• _WHAT TO DO_:
Copy the records below exactly, leaving out every picture.

• _PROVIDED MATERIAL_:
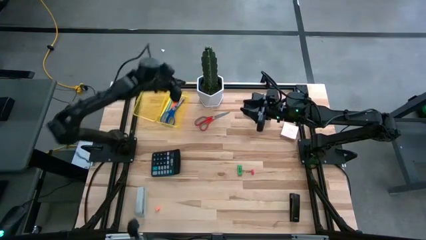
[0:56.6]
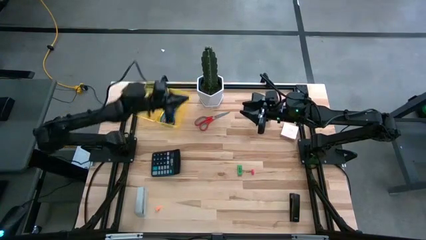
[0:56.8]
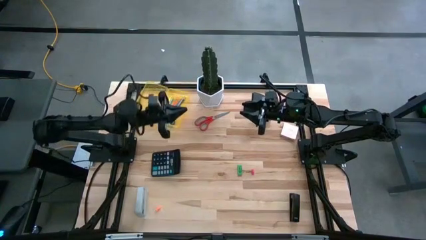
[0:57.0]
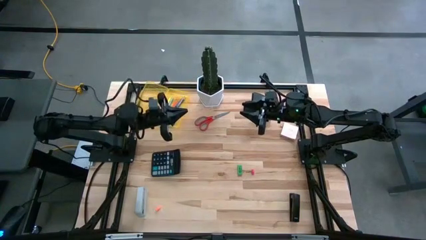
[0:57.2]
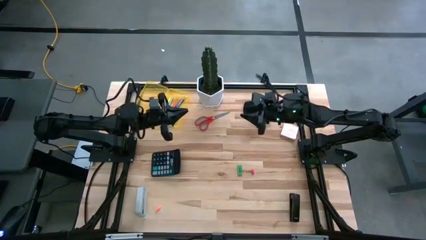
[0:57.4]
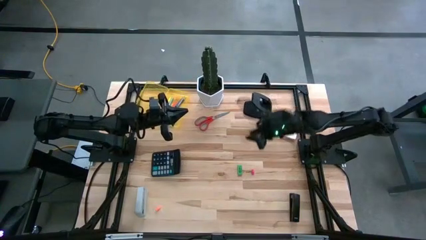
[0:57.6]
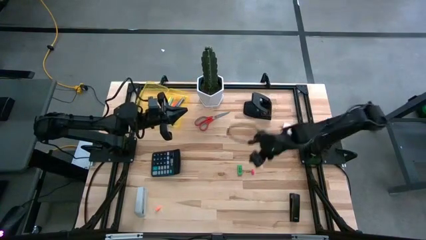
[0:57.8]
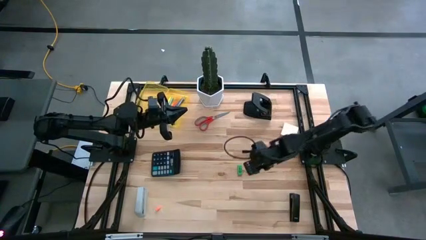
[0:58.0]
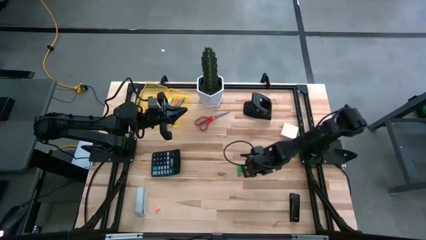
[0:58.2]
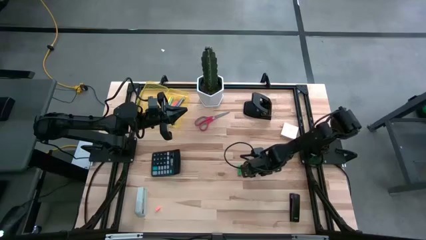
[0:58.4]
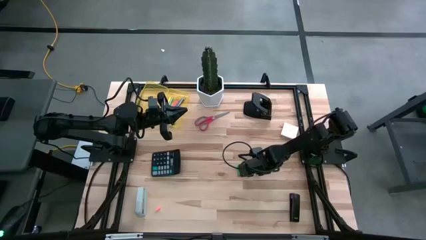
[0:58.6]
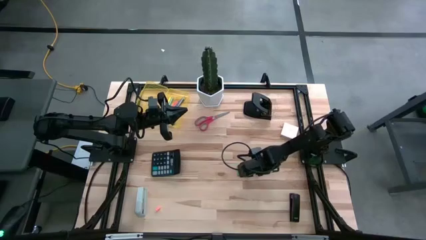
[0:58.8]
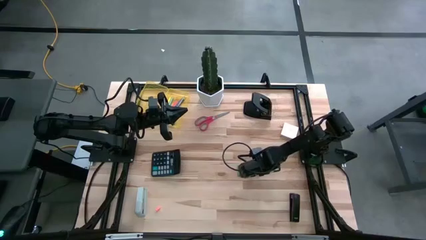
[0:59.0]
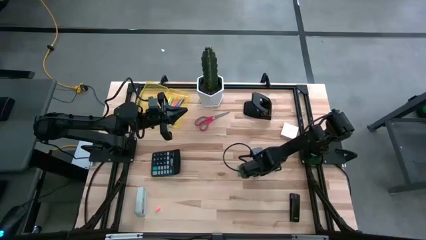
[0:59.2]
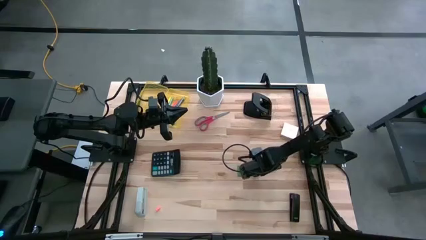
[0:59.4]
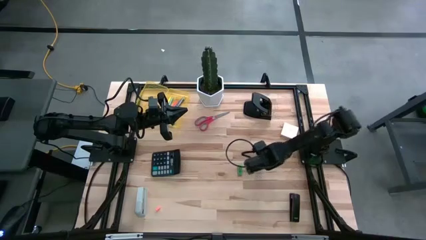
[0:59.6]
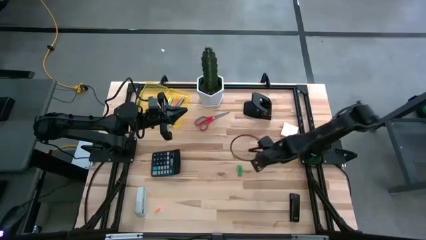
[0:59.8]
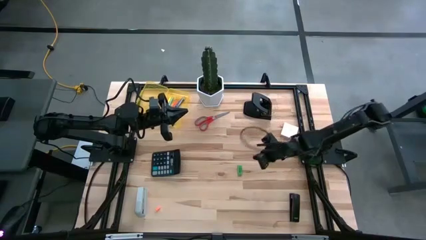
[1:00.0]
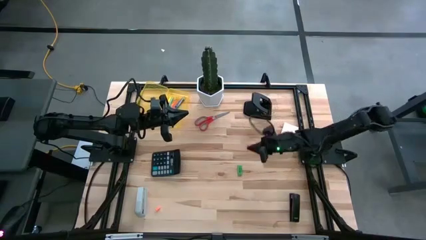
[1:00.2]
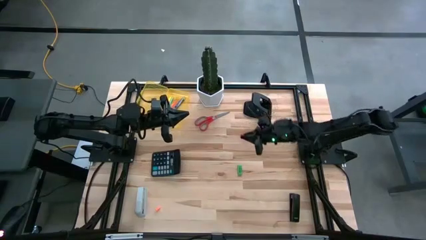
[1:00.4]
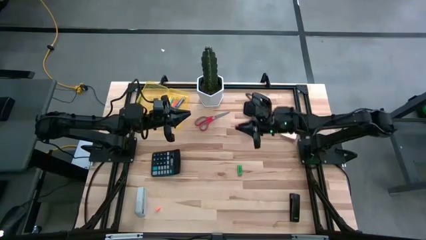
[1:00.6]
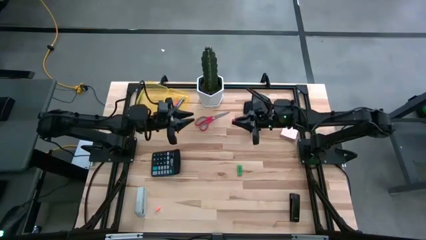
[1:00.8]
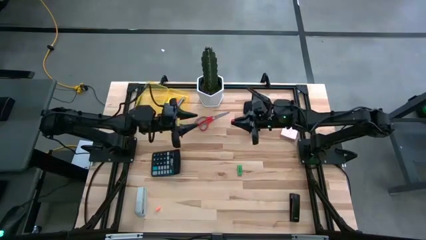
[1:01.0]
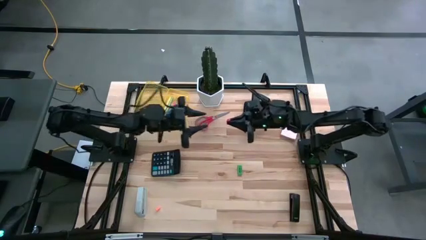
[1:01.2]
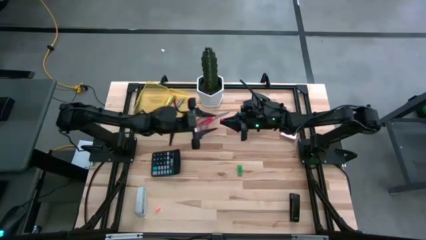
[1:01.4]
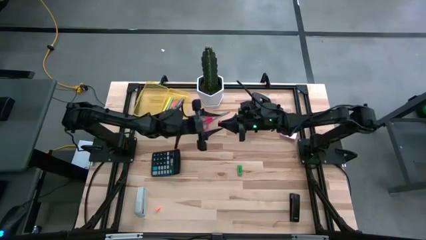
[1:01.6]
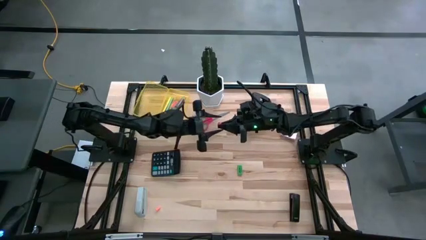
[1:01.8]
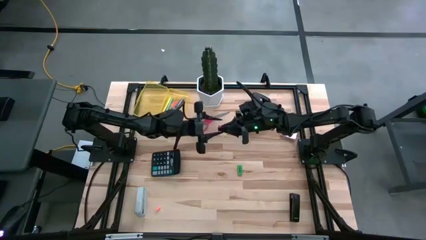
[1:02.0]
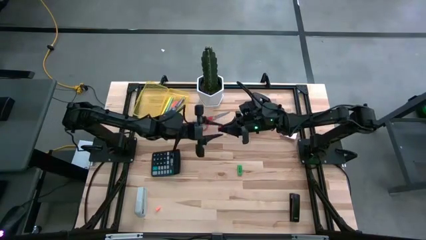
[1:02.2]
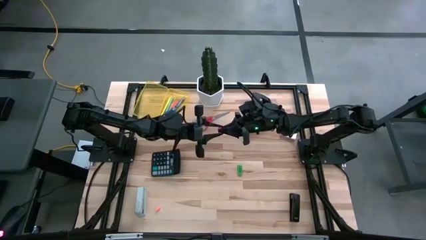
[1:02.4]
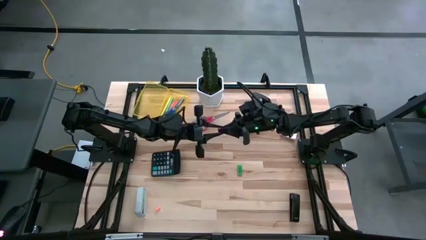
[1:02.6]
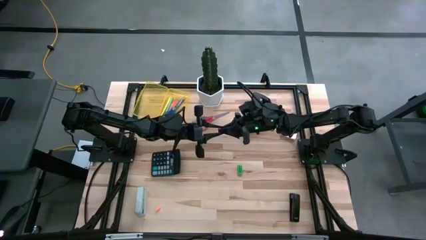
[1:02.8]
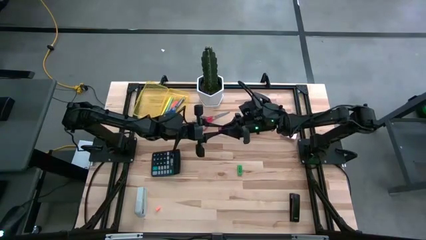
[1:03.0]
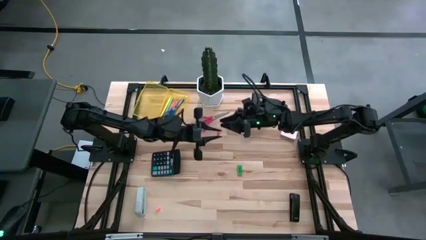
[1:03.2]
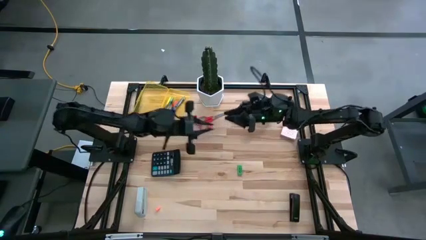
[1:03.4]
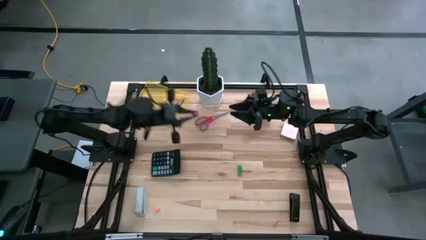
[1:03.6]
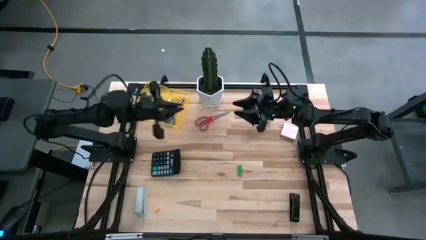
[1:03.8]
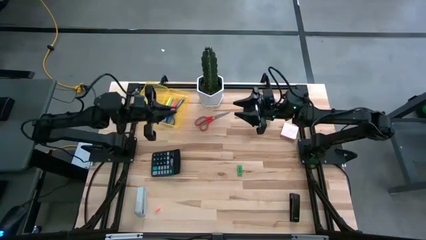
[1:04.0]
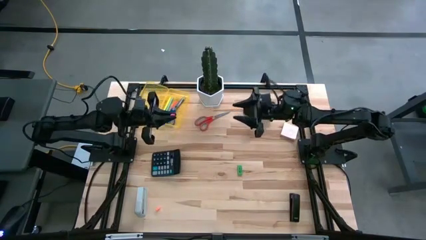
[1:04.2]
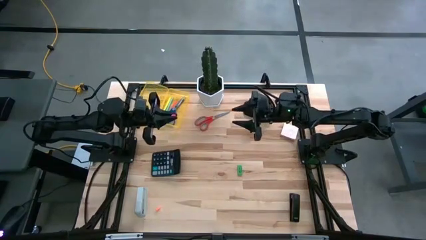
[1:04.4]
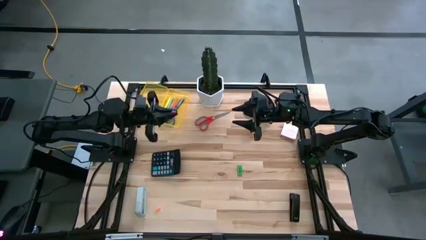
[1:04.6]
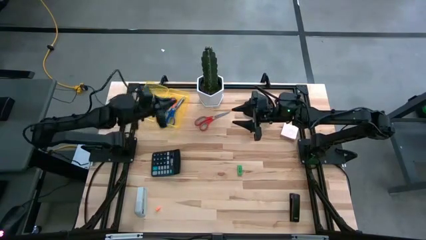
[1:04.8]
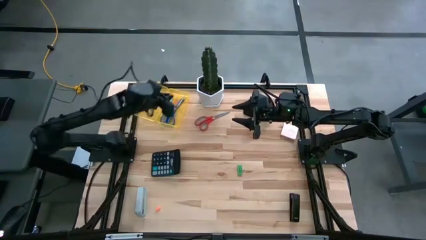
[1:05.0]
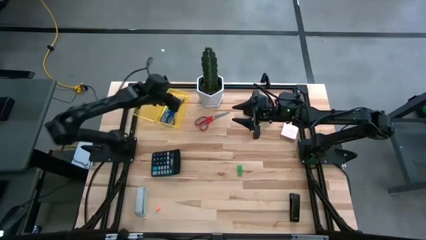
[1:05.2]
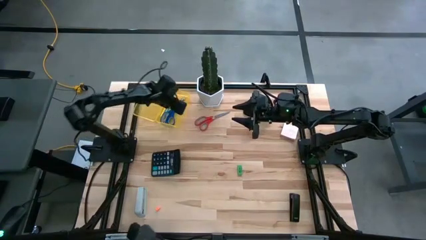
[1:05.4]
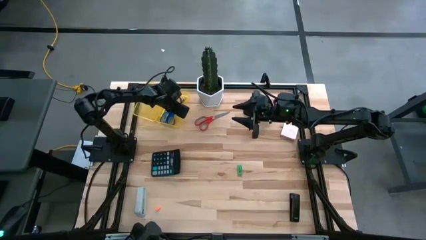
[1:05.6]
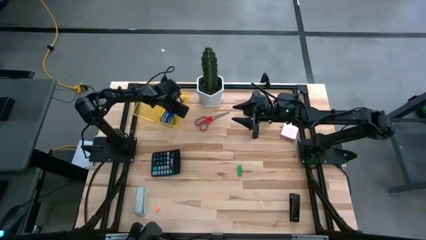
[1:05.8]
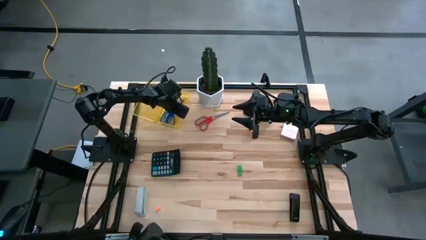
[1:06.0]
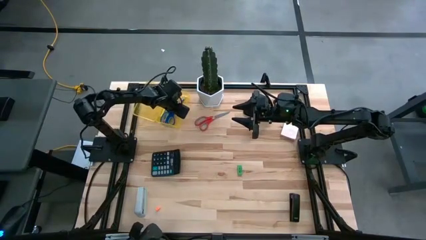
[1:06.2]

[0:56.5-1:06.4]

• _RESPONSE TO THIS EXERCISE_:
[0:56.6]
[0:56.8]
[0:57.0]
[0:57.2]
[0:57.4]
[0:57.6]
[0:57.8]
[0:58.0]
[0:58.2]
[0:58.4]
[0:58.6]
[0:58.8]
[0:59.0]
[0:59.2]
[0:59.4]
[0:59.6]
[0:59.8]
[1:00.0]
[1:00.2]
[1:00.4]
[1:00.6]
[1:00.8]
[1:01.0]
[1:01.2]
[1:01.4]
[1:01.6]
[1:01.8]
[1:02.0]
[1:02.2]
[1:02.4]
[1:02.6]
[1:02.8]
[1:03.0]
[1:03.2]
[1:03.4]
[1:03.6]
[1:03.8]
[1:04.0]
[1:04.2]
[1:04.4]
[1:04.6]
[1:04.8]
[1:05.0]
[1:05.2]
[1:05.4]
[1:05.6]
[1:05.8]
[1:06.0]
[1:06.2]

[0:56.5-1:06.4]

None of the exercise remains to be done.